Exercise: Retype each record exactly.
****
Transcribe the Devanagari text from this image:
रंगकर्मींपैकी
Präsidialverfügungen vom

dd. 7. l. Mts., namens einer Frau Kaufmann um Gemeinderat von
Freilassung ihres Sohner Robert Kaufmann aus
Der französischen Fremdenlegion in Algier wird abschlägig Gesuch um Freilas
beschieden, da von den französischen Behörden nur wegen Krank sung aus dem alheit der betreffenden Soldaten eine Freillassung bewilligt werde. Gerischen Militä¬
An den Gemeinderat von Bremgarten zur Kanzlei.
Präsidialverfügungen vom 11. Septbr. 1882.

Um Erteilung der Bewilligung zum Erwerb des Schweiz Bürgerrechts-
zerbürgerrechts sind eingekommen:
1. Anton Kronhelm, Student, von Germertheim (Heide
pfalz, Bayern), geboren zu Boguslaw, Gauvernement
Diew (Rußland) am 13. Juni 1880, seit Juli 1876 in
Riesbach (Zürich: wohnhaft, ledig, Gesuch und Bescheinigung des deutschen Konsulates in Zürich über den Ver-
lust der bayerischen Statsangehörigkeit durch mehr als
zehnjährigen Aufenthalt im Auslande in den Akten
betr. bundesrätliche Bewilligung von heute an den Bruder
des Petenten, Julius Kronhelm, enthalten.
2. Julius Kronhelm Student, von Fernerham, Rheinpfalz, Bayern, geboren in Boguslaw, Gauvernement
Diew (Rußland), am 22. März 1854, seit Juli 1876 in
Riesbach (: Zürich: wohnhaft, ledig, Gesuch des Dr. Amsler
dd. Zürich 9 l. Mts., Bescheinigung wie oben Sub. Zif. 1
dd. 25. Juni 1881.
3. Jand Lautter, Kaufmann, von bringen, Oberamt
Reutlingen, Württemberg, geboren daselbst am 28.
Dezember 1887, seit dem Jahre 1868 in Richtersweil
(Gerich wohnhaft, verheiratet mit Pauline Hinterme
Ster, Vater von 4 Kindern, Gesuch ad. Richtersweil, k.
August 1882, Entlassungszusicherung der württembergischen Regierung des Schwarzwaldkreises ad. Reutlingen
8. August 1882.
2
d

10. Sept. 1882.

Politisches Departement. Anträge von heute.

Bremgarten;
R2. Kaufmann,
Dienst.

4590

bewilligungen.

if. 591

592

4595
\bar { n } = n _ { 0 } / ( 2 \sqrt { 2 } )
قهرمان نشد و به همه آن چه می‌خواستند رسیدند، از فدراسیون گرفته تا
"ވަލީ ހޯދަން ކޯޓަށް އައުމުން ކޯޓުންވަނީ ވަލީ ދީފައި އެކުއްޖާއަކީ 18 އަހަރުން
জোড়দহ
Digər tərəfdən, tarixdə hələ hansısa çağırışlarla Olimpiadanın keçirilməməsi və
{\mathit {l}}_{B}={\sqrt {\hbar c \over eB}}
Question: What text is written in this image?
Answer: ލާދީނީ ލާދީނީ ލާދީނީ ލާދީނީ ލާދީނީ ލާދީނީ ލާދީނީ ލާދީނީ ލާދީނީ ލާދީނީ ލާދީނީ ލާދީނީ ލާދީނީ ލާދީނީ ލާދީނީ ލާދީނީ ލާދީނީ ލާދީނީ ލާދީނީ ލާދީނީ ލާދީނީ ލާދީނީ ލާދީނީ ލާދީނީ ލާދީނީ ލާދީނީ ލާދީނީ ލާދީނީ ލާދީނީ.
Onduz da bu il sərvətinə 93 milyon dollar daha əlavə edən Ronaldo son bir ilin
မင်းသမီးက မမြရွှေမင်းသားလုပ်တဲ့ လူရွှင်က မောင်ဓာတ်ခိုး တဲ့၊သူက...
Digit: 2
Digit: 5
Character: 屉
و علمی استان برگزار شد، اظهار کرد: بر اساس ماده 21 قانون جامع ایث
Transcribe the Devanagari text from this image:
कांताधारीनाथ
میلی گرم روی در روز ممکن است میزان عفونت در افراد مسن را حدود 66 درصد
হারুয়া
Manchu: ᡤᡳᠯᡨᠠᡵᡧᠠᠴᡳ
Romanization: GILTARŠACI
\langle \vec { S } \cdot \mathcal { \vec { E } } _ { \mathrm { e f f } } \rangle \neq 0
****
Result below:
Transcribe the Devanagari text from this image:
रंगकर्मींपैकी
Präsidialverfügungen vom

dd. 7. l. Mts., namens einer Frau Kaufmann um Gemeinderat von
Freilassung ihres Sohner Robert Kaufmann aus
Der französischen Fremdenlegion in Algier wird abschlägig Gesuch um Freilas
beschieden, da von den französischen Behörden nur wegen Krank sung aus dem alheit der betreffenden Soldaten eine Freillassung bewilligt werde. Gerischen Militä¬
An den Gemeinderat von Bremgarten zur Kanzlei.
Präsidialverfügungen vom 11. Septbr. 1882.

Um Erteilung der Bewilligung zum Erwerb des Schweiz Bürgerrechts-
zerbürgerrechts sind eingekommen:
1. Anton Kronhelm, Student, von Germertheim (Heide
pfalz, Bayern), geboren zu Boguslaw, Gauvernement
Diew (Rußland) am 13. Juni 1880, seit Juli 1876 in
Riesbach (Zürich: wohnhaft, ledig, Gesuch und Bescheinigung des deutschen Konsulates in Zürich über den Ver-
lust der bayerischen Statsangehörigkeit durch mehr als
zehnjährigen Aufenthalt im Auslande in den Akten
betr. bundesrätliche Bewilligung von heute an den Bruder
des Petenten, Julius Kronhelm, enthalten.
2. Julius Kronhelm Student, von Fernerham, Rheinpfalz, Bayern, geboren in Boguslaw, Gauvernement
Diew (Rußland), am 22. März 1854, seit Juli 1876 in
Riesbach (: Zürich: wohnhaft, ledig, Gesuch des Dr. Amsler
dd. Zürich 9 l. Mts., Bescheinigung wie oben Sub. Zif. 1
dd. 25. Juni 1881.
3. Jand Lautter, Kaufmann, von bringen, Oberamt
Reutlingen, Württemberg, geboren daselbst am 28.
Dezember 1887, seit dem Jahre 1868 in Richtersweil
(Gerich wohnhaft, verheiratet mit Pauline Hinterme
Ster, Vater von 4 Kindern, Gesuch ad. Richtersweil, k.
August 1882, Entlassungszusicherung der württembergischen Regierung des Schwarzwaldkreises ad. Reutlingen
8. August 1882.
2
d

10. Sept. 1882.

Politisches Departement. Anträge von heute.

Bremgarten;
R2. Kaufmann,
Dienst.

4590

bewilligungen.

if. 591

592

4595
\bar { n } = n _ { 0 } / ( 2 \sqrt { 2 } )
قهرمان نشد و به همه آن چه می‌خواستند رسیدند، از فدراسیون گرفته تا
"ވަލީ ހޯދަން ކޯޓަށް އައުމުން ކޯޓުންވަނީ ވަލީ ދީފައި އެކުއްޖާއަކީ 18 އަހަރުން
জোড়দহ
Digər tərəfdən, tarixdə hələ hansısa çağırışlarla Olimpiadanın keçirilməməsi və
{\mathit {l}}_{B}={\sqrt {\hbar c \over eB}}
Question: What text is written in this image?
Answer: ލާދީނީ ލާދީނީ ލާދީނީ ލާދީނީ ލާދީނީ ލާދީނީ ލާދީނީ ލާދީނީ ލާދީނީ ލާދީނީ ލާދީނީ ލާދީނީ ލާދީނީ ލާދީނީ ލާދީނީ ލާދީނީ ލާދީނީ ލާދީނީ ލާދީނީ ލާދީނީ ލާދީނީ ލާދީނީ ލާދީނީ ލާދީނީ ލާދީނީ ލާދީނީ ލާދީނީ ލާދީނީ ލާދީނީ.
Onduz da bu il sərvətinə 93 milyon dollar daha əlavə edən Ronaldo son bir ilin
မင်းသမီးက မမြရွှေမင်းသားလုပ်တဲ့ လူရွှင်က မောင်ဓာတ်ခိုး တဲ့၊သူက...
Digit: 2
Digit: 5
Character: 屉
و علمی استان برگزار شد، اظهار کرد: بر اساس ماده 21 قانون جامع ایث
Transcribe the Devanagari text from this image:
कांताधारीनाथ
میلی گرم روی در روز ممکن است میزان عفونت در افراد مسن را حدود 66 درصد
হারুয়া
Manchu: ᡤᡳᠯᡨᠠᡵᡧᠠᠴᡳ
Romanization: GILTARŠACI
\langle \vec { S } \cdot \mathcal { \vec { E } } _ { \mathrm { e f f } } \rangle \neq 0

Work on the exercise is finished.